** Opening Input records block **
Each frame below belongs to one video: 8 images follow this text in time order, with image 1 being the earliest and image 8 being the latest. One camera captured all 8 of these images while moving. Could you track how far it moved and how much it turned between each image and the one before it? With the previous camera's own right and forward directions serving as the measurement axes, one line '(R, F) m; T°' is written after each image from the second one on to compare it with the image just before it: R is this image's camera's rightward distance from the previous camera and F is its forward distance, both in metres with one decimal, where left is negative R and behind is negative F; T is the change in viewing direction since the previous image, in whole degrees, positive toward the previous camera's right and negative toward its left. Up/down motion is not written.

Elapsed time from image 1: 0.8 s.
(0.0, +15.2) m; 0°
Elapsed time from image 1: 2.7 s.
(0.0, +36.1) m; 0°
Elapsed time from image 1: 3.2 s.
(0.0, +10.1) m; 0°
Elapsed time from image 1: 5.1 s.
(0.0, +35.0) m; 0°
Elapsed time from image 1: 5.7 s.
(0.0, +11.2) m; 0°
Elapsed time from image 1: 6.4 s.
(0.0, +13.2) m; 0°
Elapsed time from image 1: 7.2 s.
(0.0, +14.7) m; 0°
** Closing Input records block **
** Opening Input records block **
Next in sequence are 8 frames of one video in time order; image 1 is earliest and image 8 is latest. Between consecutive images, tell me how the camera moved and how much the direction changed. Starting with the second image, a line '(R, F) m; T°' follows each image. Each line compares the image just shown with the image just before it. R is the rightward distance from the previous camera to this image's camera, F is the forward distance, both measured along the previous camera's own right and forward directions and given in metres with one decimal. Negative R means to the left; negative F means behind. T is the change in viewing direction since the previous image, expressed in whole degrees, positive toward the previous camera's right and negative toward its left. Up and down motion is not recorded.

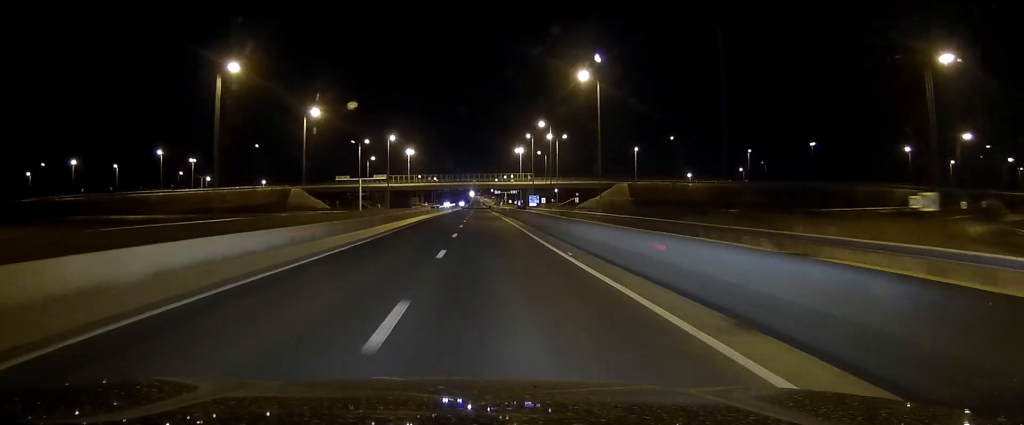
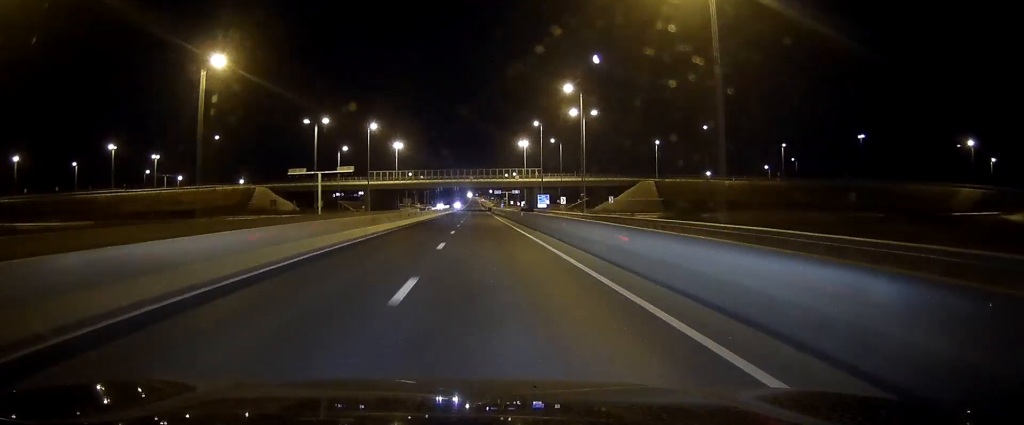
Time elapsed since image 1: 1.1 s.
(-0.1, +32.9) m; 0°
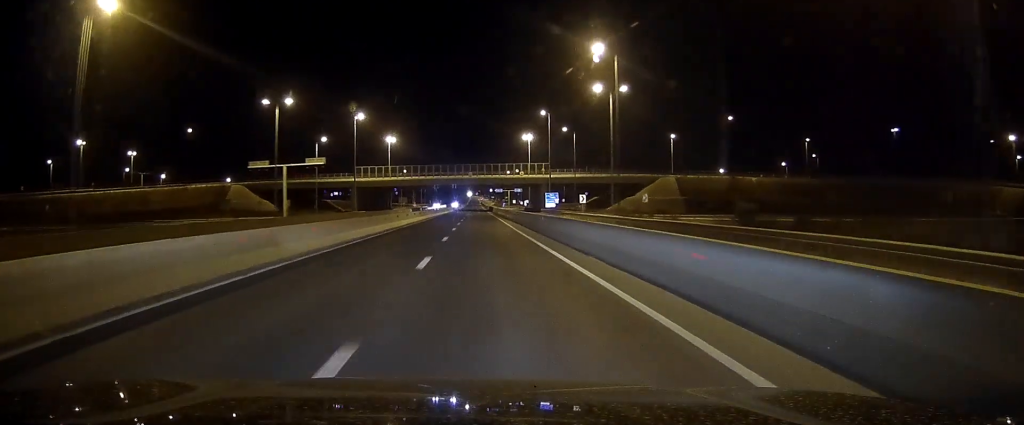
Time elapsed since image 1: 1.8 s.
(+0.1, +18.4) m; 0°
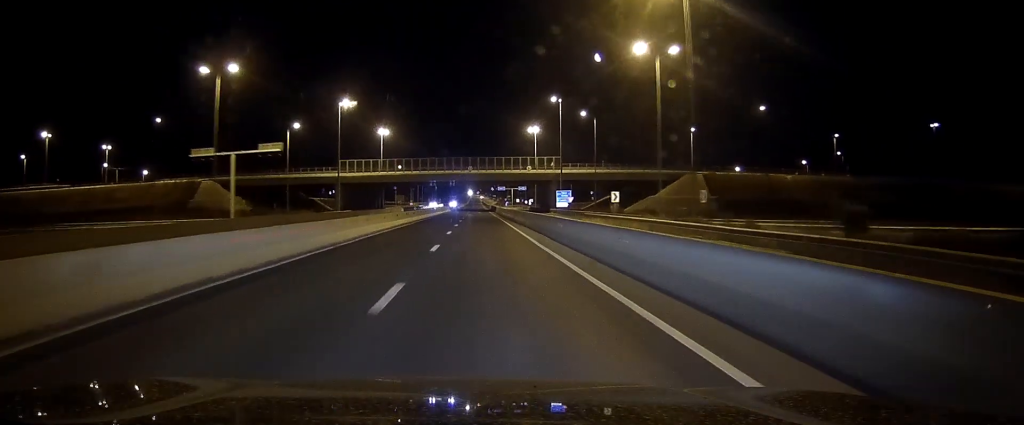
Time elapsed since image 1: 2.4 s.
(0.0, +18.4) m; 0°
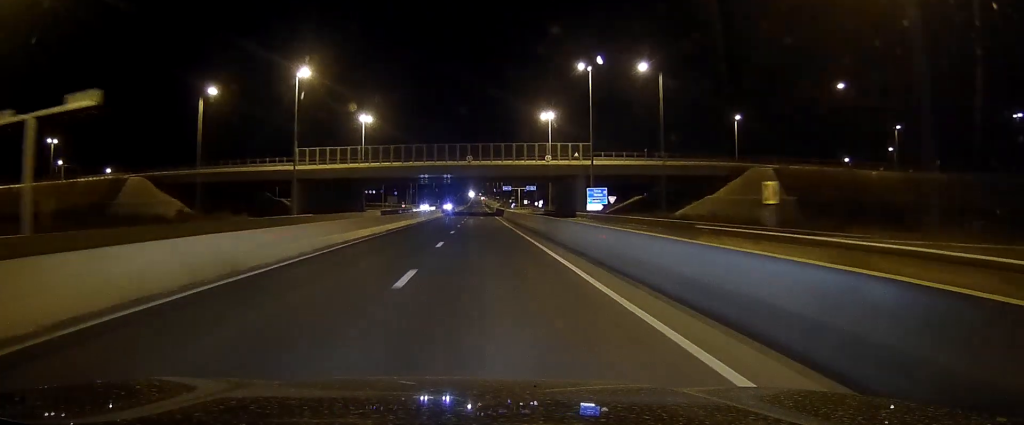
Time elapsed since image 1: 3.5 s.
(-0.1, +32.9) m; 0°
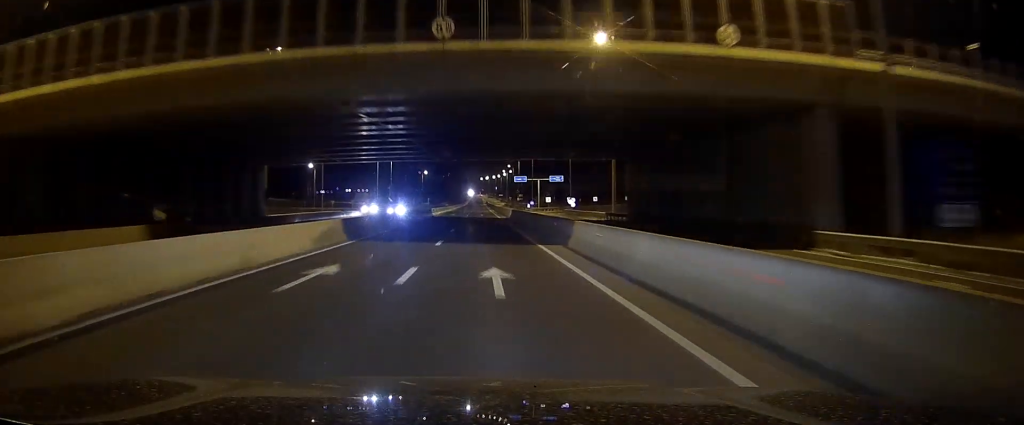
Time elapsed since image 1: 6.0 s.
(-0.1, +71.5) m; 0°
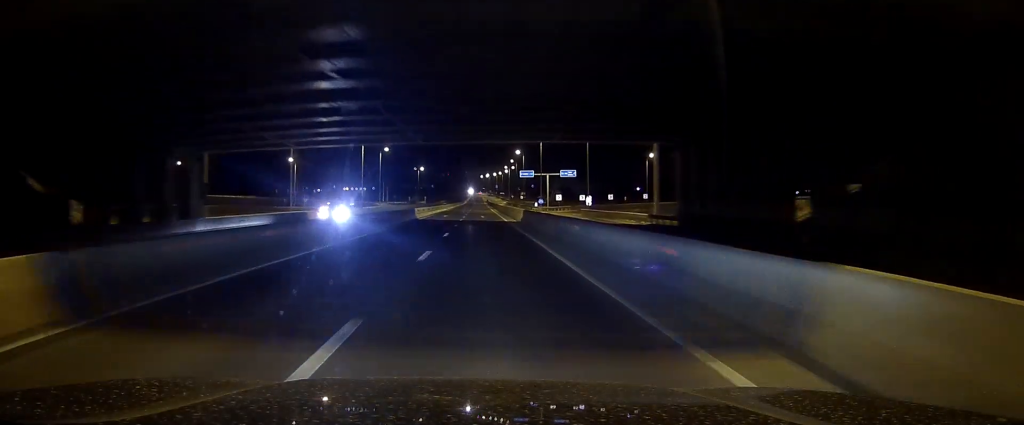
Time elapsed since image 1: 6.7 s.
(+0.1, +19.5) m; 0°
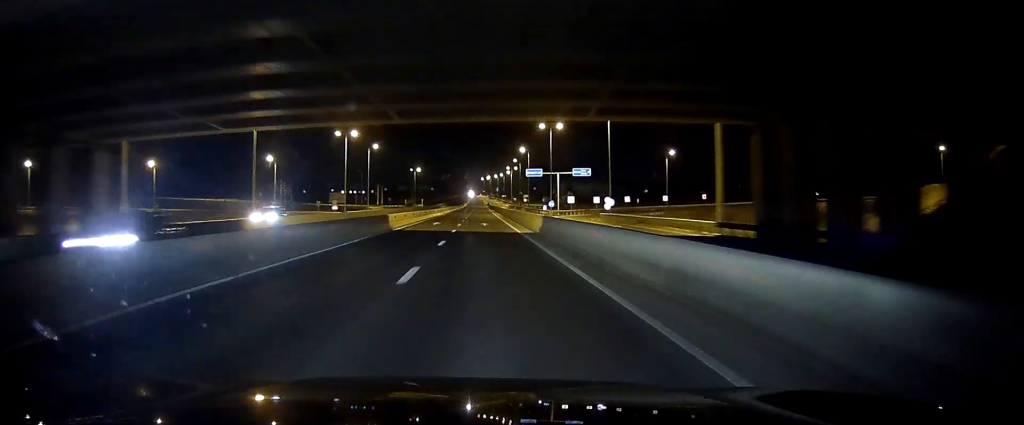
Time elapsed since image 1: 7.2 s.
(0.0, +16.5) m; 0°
** Closing Input records block **
** Opening Input records block **
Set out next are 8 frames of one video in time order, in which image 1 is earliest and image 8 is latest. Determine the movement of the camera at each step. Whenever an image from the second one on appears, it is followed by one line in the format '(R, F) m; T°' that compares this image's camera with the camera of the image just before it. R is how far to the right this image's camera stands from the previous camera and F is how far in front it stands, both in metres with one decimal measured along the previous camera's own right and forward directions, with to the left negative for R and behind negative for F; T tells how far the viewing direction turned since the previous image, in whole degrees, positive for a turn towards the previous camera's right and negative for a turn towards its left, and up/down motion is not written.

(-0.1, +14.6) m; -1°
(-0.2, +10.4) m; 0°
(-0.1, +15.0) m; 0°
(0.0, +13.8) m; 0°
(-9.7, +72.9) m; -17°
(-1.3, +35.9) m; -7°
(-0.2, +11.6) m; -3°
** Closing Input records block **
→ What the exercise asks
Scan the entries above, and wherever a line holds the string "change", copy it.

→ Answer
Each frame below belongs to one video: 8 images follow this text in time order, with image 1 being the earliest and image 8 being the latest. One camera captured all 8 of these images while moving. Could you track how far it moved and how much it turned between each image and the one before it? With the previous camera's own right and forward directions serving as the measurement axes, one line '(R, F) m; T°' is written after each image from the second one on to compare it with the image just before it: R is this image's camera's rightward distance from the previous camera and F is its forward distance, both in metres with one decimal, where left is negative R and behind is negative F; T is the change in viewing direction since the previous image, in whole degrees, positive toward the previous camera's right and negative toward its left. Up/down motion is not written.
Next in sequence are 8 frames of one video in time order; image 1 is earliest and image 8 is latest. Between consecutive images, tell me how the camera moved and how much the direction changed. Starting with the second image, a line '(R, F) m; T°' follows each image. Each line compares the image just shown with the image just before it. R is the rightward distance from the previous camera to this image's camera, F is the forward distance, both measured along the previous camera's own right and forward directions and given in metres with one decimal. Negative R means to the left; negative F means behind. T is the change in viewing direction since the previous image, expressed in whole degrees, positive toward the previous camera's right and negative toward its left. Up and down motion is not recorded.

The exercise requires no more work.